- _What this task involves_
The response should consist of the records that follow, repeated exactly.

[Records from a data collection]
:::::
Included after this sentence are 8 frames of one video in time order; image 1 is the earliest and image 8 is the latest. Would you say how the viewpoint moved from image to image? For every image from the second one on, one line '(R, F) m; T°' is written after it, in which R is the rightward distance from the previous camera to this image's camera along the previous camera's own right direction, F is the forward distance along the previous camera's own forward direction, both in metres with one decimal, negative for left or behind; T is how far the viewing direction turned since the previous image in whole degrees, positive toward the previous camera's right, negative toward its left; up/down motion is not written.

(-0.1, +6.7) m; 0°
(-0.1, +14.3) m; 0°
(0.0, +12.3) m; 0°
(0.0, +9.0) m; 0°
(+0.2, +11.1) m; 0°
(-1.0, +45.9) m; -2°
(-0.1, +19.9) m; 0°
:::::
- _Reply to the exercise_
Included after this sentence are 8 frames of one video in time order; image 1 is the earliest and image 8 is the latest. Would you say how the viewpoint moved from image to image? For every image from the second one on, one line '(R, F) m; T°' is written after it, in which R is the rightward distance from the previous camera to this image's camera along the previous camera's own right direction, F is the forward distance along the previous camera's own forward direction, both in metres with one decimal, negative for left or behind; T is how far the viewing direction turned since the previous image in whole degrees, positive toward the previous camera's right, negative toward its left; up/down motion is not written.

(-0.1, +6.7) m; 0°
(-0.1, +14.3) m; 0°
(0.0, +12.3) m; 0°
(0.0, +9.0) m; 0°
(+0.2, +11.1) m; 0°
(-1.0, +45.9) m; -2°
(-0.1, +19.9) m; 0°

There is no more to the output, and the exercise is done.